Tras la publicación de un informe de la inteligencia estadounidense que acusa directamente a Putin de haber autorizado una campaña de injerencias digitales en las elecciones para perjudicar a Biden y beneficiar a Trump, Biden fue preguntado en una entrevista por esas injerencias y dijo que Moscú «pagará las consecuencias». Después, a Biden se le preguntó si cree que Putin es un «asesino», tras la persecución y envenenamiento de líderes opositores, incluido Alexéi Navalny Biden respondió que sí, sin repetir la palabra.

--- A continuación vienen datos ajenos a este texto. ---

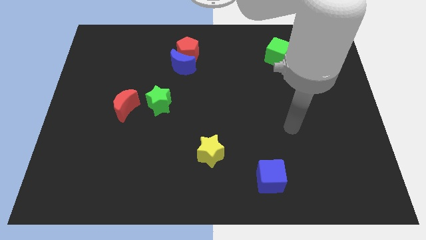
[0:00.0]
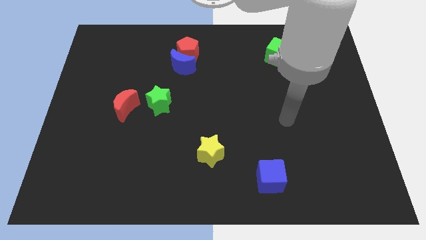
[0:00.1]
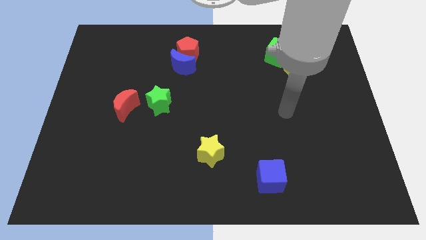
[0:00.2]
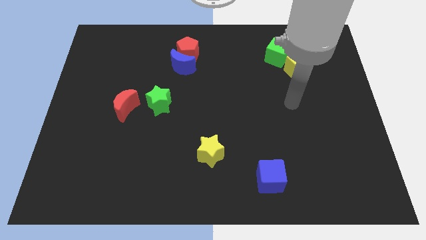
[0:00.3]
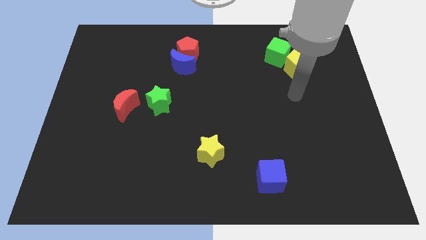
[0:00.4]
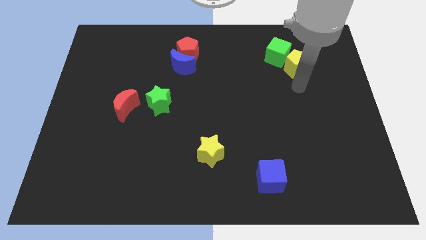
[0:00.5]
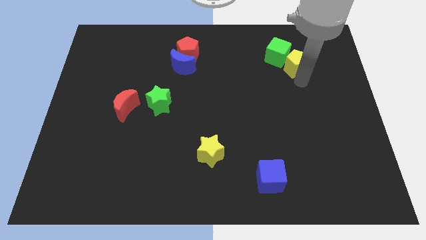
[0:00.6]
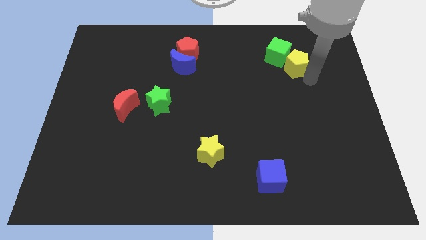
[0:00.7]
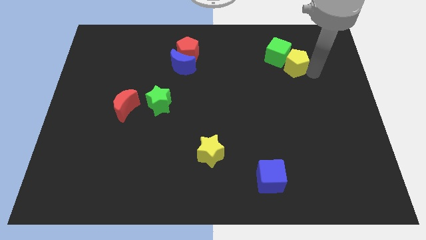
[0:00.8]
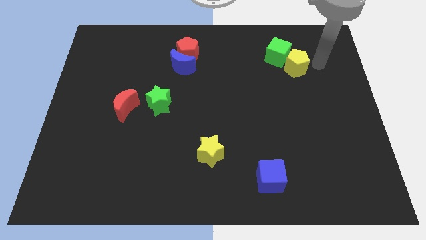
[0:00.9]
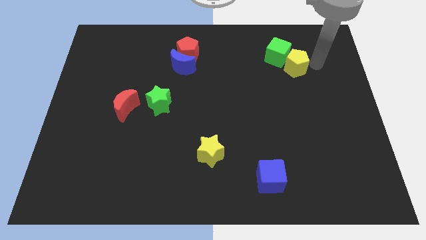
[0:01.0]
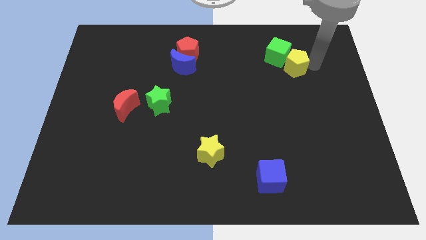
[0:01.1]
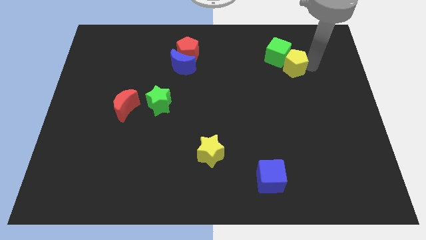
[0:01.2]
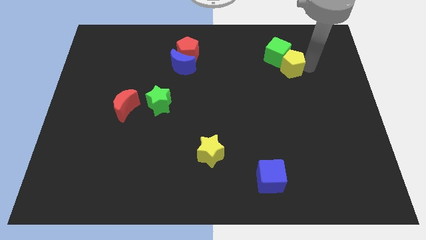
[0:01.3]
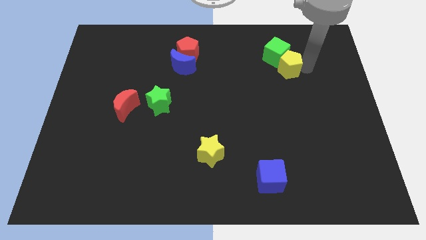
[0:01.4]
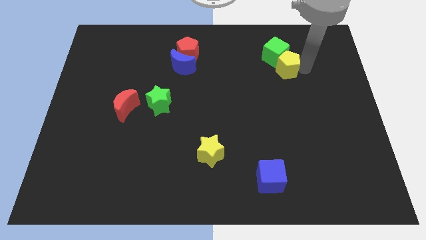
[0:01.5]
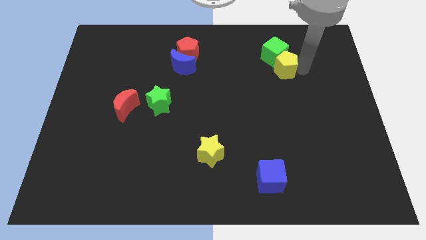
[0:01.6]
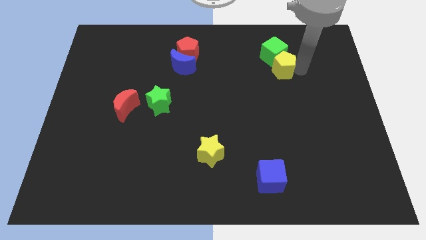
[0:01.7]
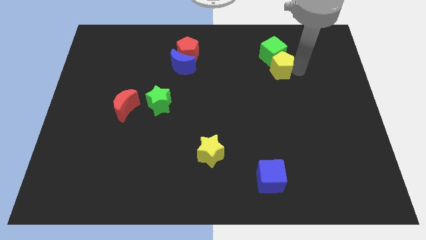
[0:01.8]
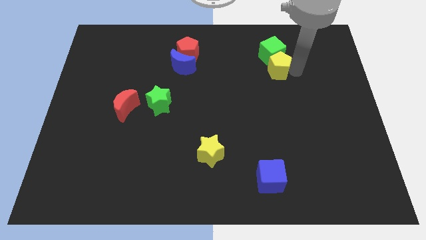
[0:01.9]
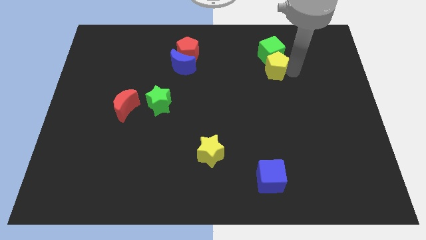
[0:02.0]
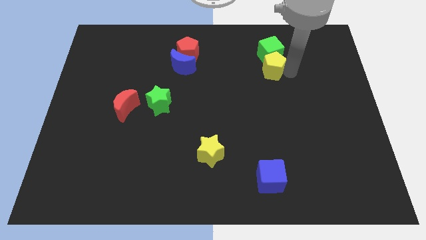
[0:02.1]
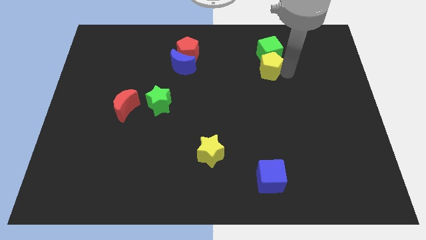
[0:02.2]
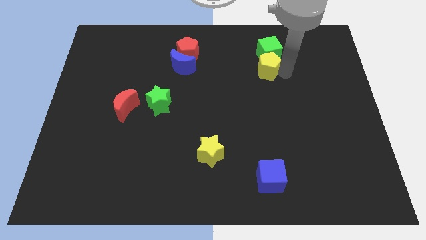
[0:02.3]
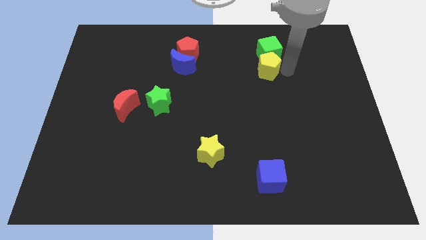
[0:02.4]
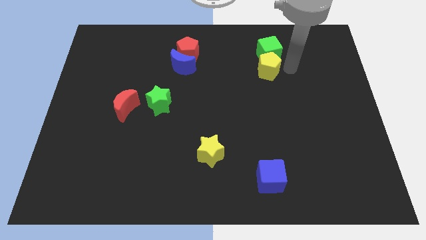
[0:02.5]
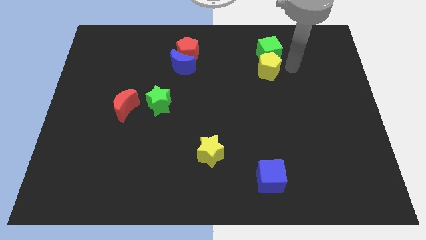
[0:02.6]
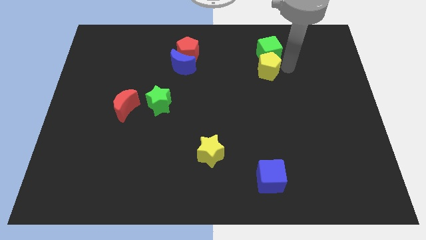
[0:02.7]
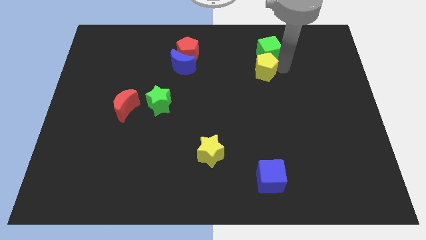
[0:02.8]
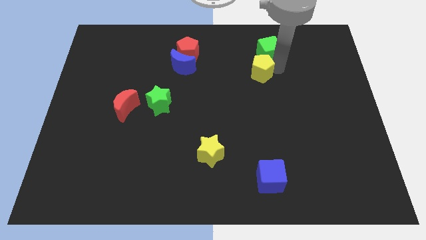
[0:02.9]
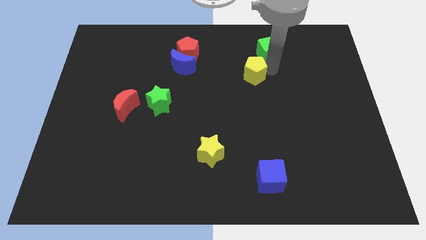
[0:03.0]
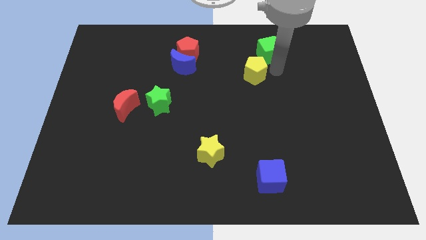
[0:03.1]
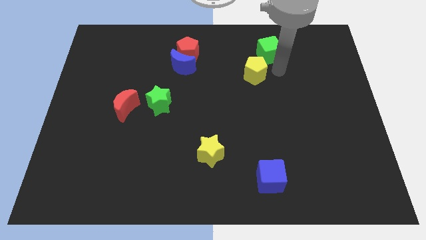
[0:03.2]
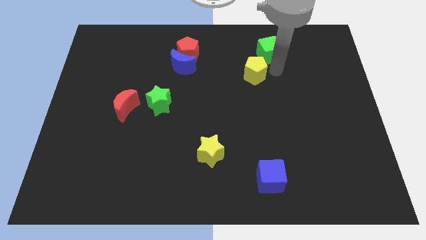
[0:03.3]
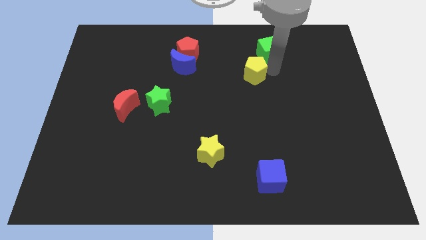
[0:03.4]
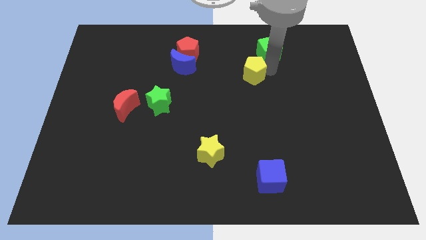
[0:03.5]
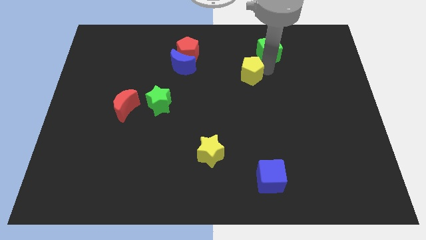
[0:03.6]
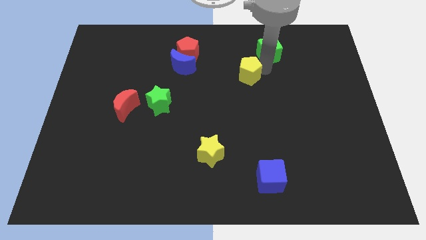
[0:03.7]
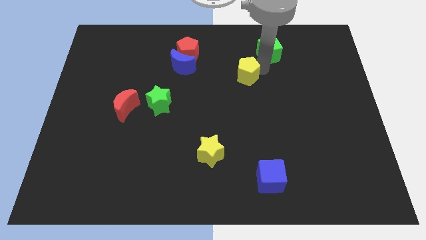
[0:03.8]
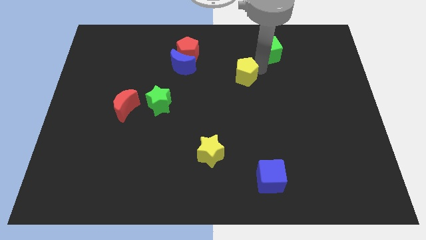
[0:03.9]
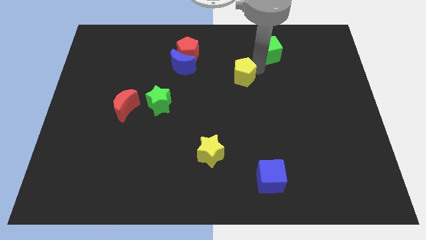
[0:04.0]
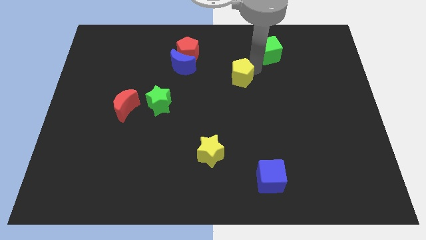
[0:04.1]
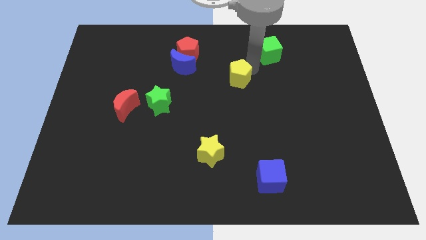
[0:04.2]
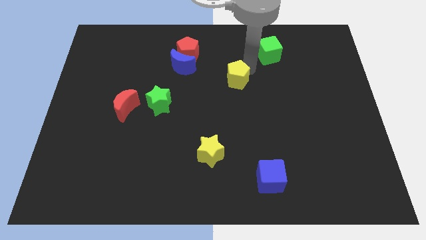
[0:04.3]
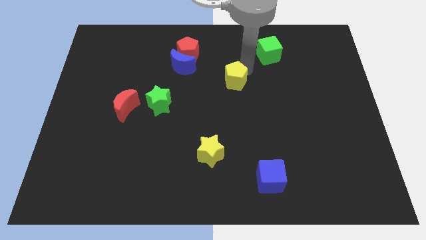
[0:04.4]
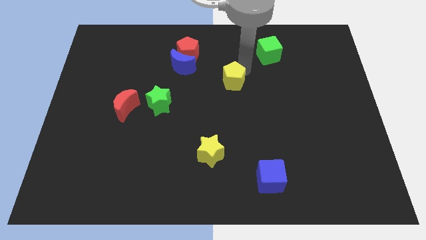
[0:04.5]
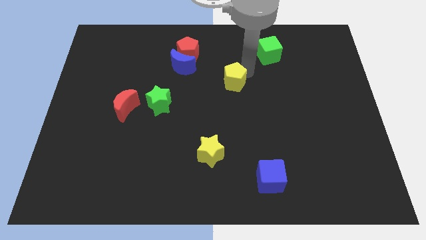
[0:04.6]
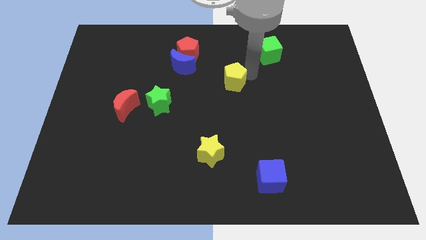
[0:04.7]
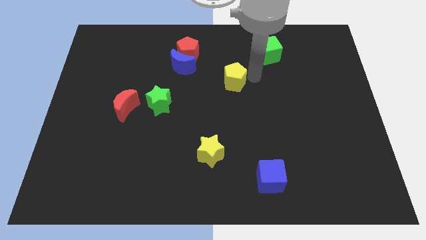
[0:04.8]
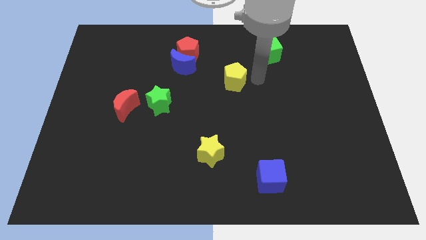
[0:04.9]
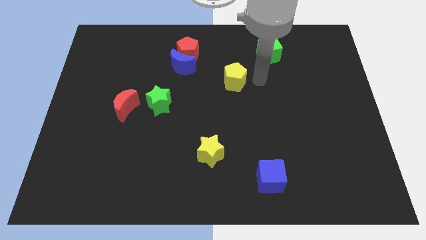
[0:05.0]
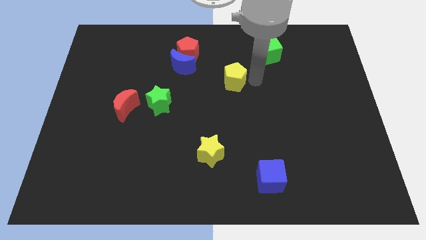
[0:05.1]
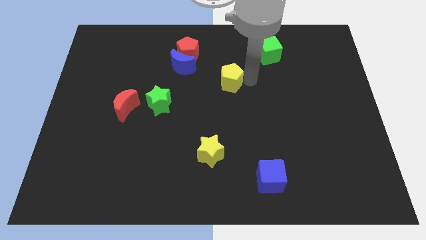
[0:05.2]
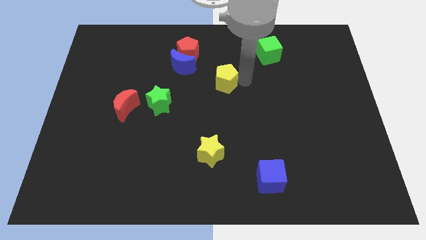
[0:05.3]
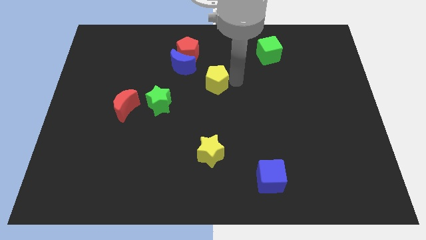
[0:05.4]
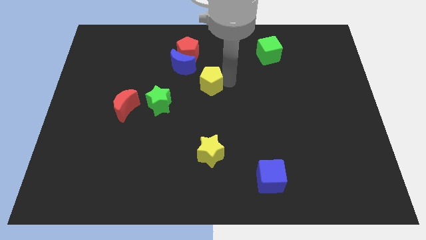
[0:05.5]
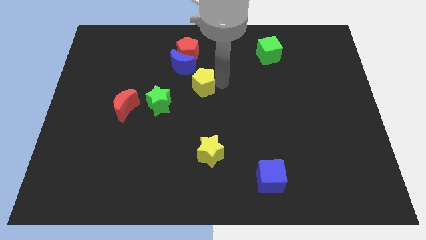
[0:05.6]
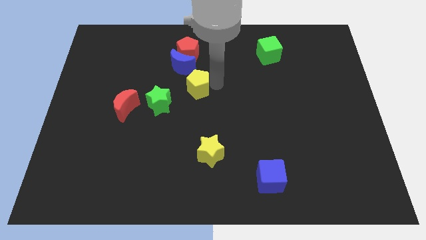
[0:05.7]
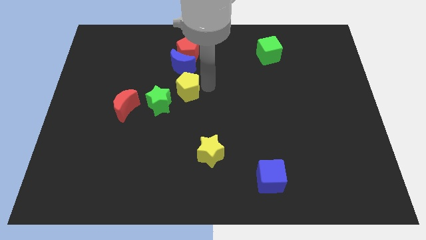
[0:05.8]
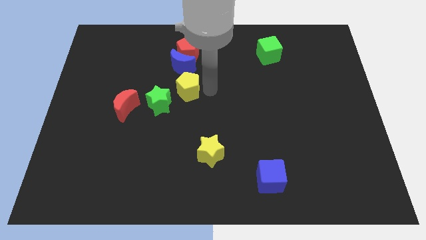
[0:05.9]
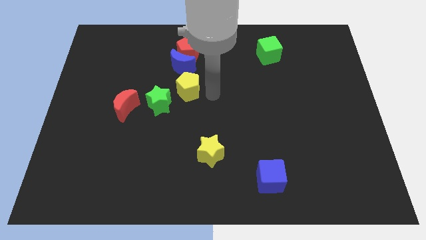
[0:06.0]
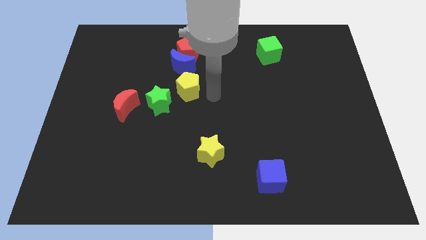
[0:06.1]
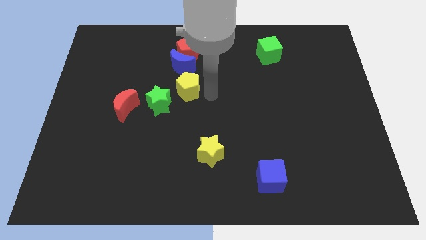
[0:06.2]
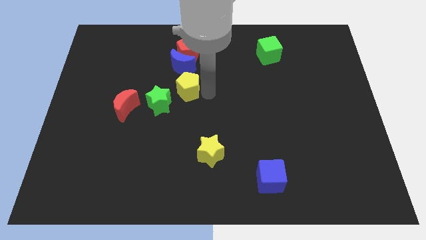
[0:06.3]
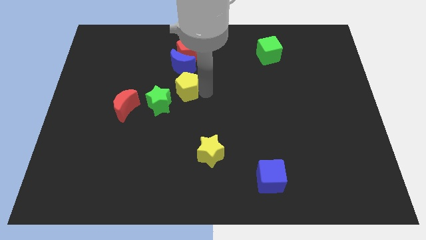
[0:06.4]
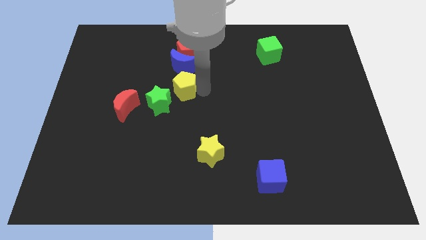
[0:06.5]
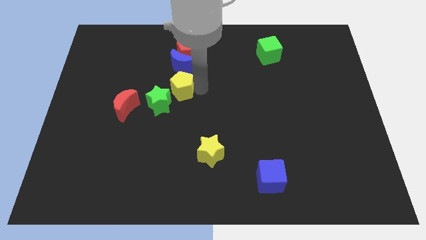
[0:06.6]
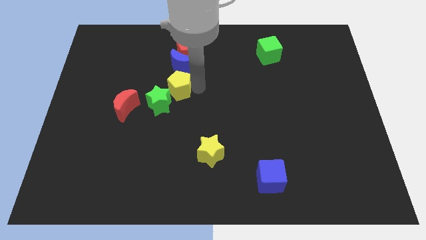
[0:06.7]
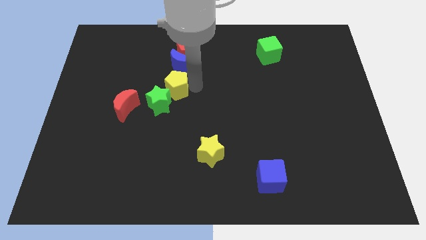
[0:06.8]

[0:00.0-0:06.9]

Después, Putin autorizó el rearme en Ucrania, justo en un momento en que aumentan las infecciones y muertes por la pandemia de coronavirus y su popularidad se desploma por las acusaciones de corrupción, en especial las de Navalny y sus socios opositores.

El ejército de Ucrania ha dicho a los medios que cree que Rusia ha desplegado 28 grupos tácticos de batallón cerca de la frontera, lo que sumaría entre 20.000 y 25.000 soldados, informa Ap. Rusia también tiene casi 3.000 oficiales e instructores militares en las unidades rebeldes en el este de Ucrania. El ejército ruso sólo ha confirmado que una brigada de asalto aerotransportada, alrededor de 4.000 soldados, se está reasignando a Crimea desde Volgogrado, en el sur de Rusia, este año.